# Dataset entries
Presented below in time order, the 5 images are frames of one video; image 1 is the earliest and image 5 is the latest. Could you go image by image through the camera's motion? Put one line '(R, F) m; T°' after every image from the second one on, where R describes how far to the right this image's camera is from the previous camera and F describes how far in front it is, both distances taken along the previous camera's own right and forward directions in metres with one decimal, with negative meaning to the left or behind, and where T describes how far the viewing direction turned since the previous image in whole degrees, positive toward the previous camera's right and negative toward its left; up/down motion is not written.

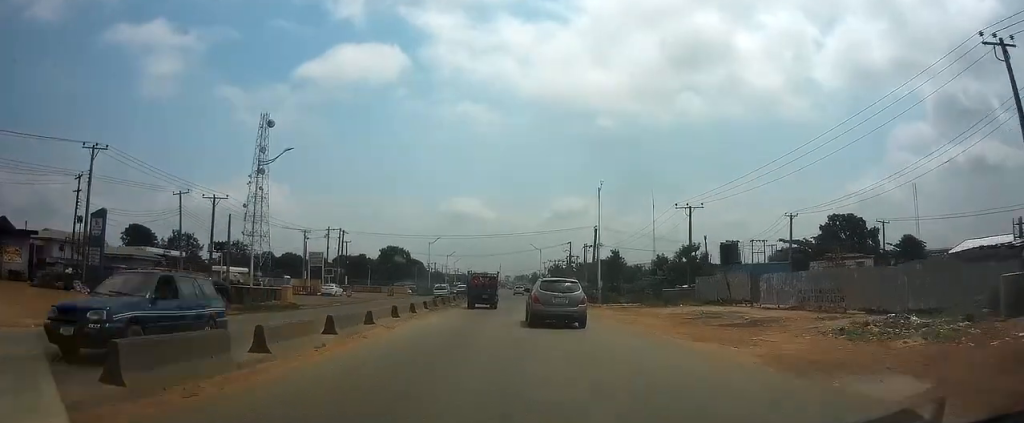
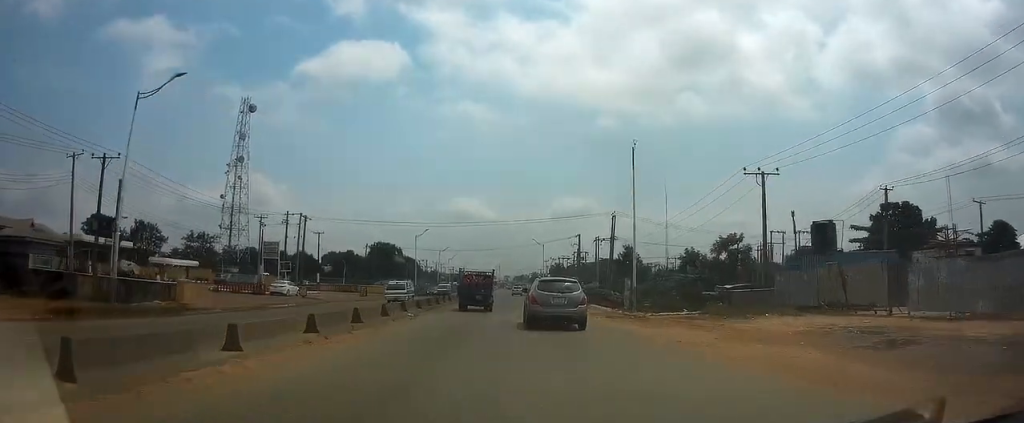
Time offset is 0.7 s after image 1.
(0.0, +14.8) m; 0°
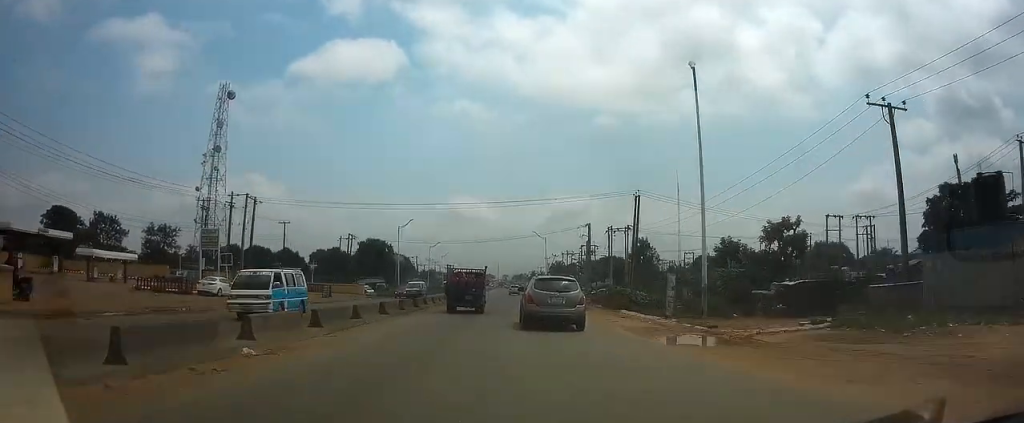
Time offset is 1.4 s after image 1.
(0.0, +13.8) m; 0°
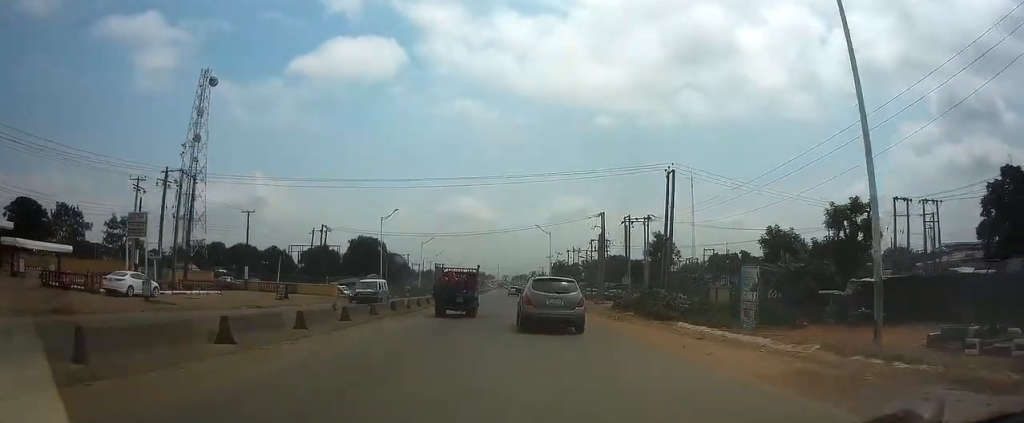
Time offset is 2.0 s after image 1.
(0.0, +11.2) m; 0°
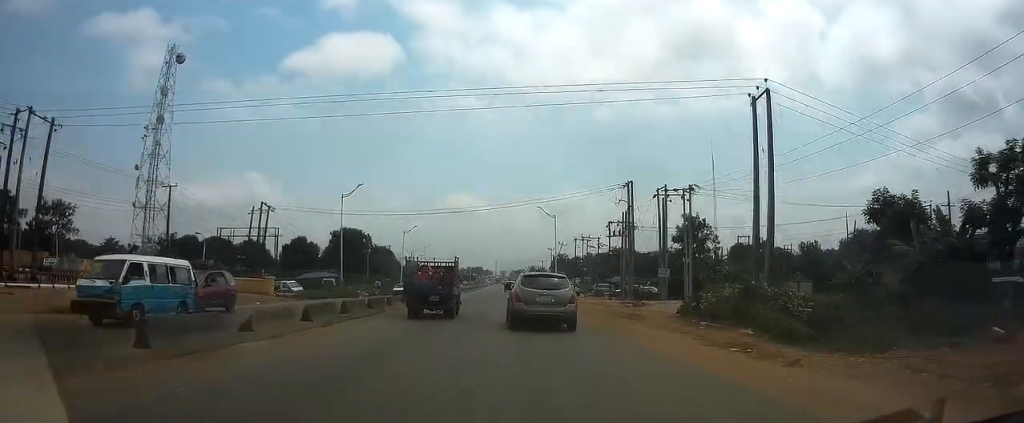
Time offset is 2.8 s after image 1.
(0.0, +16.7) m; 0°
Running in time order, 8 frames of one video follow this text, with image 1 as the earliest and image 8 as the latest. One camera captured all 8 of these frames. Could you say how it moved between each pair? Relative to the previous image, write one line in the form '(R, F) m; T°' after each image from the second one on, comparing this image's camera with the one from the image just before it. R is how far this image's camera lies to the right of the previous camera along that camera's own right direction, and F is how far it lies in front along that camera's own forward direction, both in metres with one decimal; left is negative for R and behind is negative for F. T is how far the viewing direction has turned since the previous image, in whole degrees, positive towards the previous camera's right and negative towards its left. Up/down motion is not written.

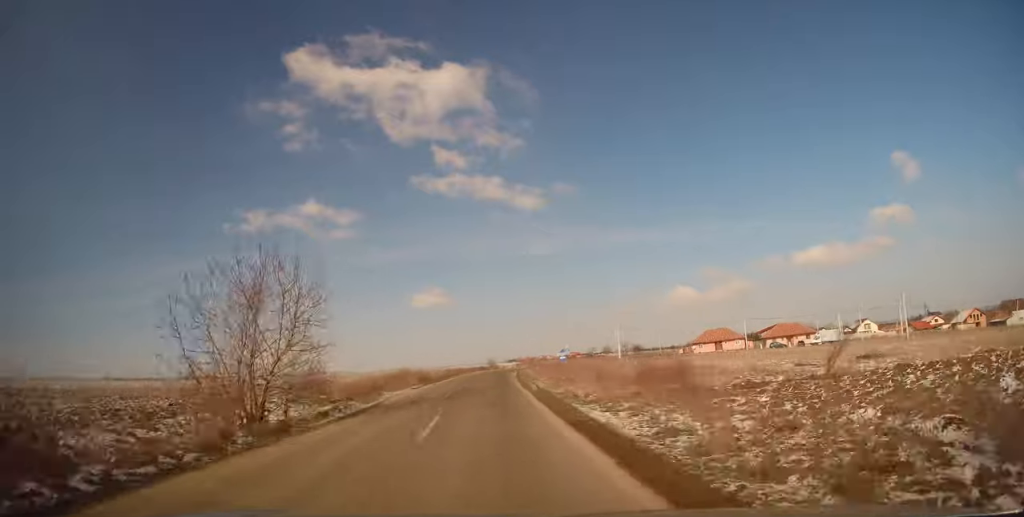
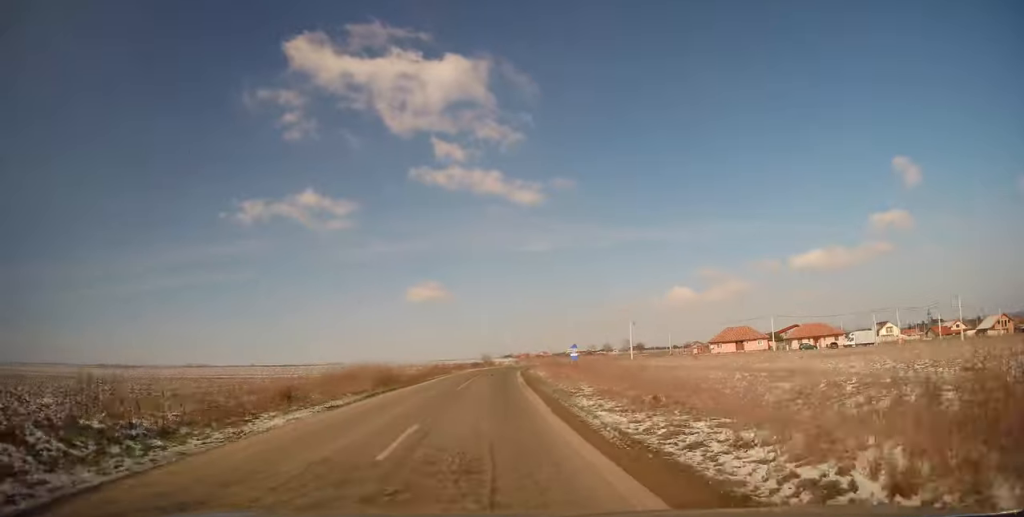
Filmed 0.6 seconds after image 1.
(+0.3, +14.1) m; +1°
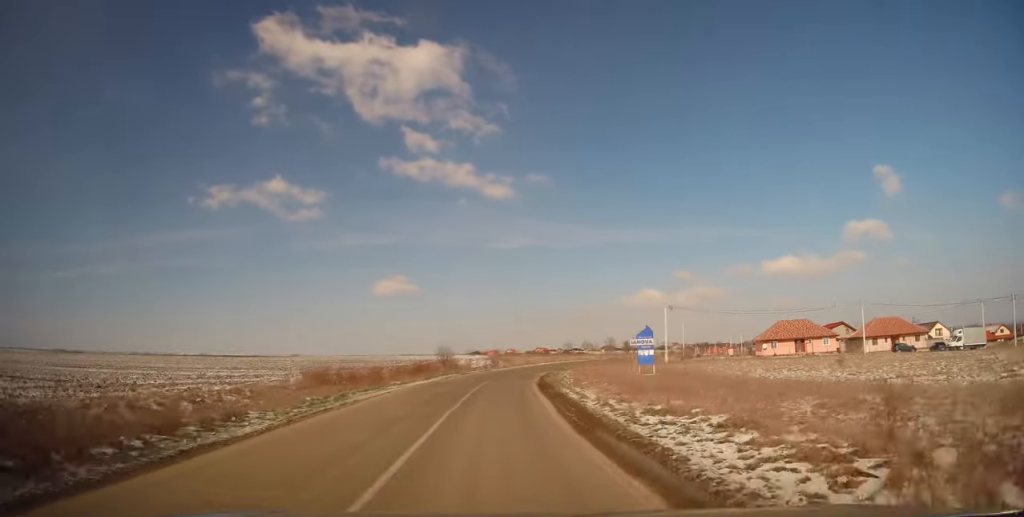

# Required action
Output all of the data exactly. Skip the pictures.

# Your solution
Presented below in time order, the 5 images are frames of one video; image 1 is the earliest and image 5 is the latest. Could you go image by image through the camera's motion? Put one line '(R, F) m; T°' after every image from the second one on, where R describes how far to the right this image's camera is from the previous camera and F describes how far in front it is, both distances taken along the previous camera's own right and forward directions in metres with one decimal, with negative meaning to the left or behind, and where T describes how far the viewing direction turned since the previous image in whole degrees, positive toward the previous camera's right and negative toward its left; up/down motion is not written.

Time offset is 0.7 s after image 1.
(0.0, +14.8) m; 0°
Time offset is 1.4 s after image 1.
(0.0, +13.8) m; 0°
Time offset is 2.0 s after image 1.
(0.0, +11.2) m; 0°
Time offset is 2.8 s after image 1.
(0.0, +16.7) m; 0°
Running in time order, 8 frames of one video follow this text, with image 1 as the earliest and image 8 as the latest. One camera captured all 8 of these frames. Could you say how it moved between each pair? Relative to the previous image, write one line in the form '(R, F) m; T°' after each image from the second one on, comparing this image's camera with the one from the image just before it. R is how far this image's camera lies to the right of the previous camera along that camera's own right direction, and F is how far it lies in front along that camera's own forward direction, both in metres with one decimal; left is negative for R and behind is negative for F. T is how far the viewing direction has turned since the previous image, in whole degrees, positive towards the previous camera's right and negative towards its left. Up/down motion is not written.

Filmed 0.6 seconds after image 1.
(+0.3, +14.1) m; +1°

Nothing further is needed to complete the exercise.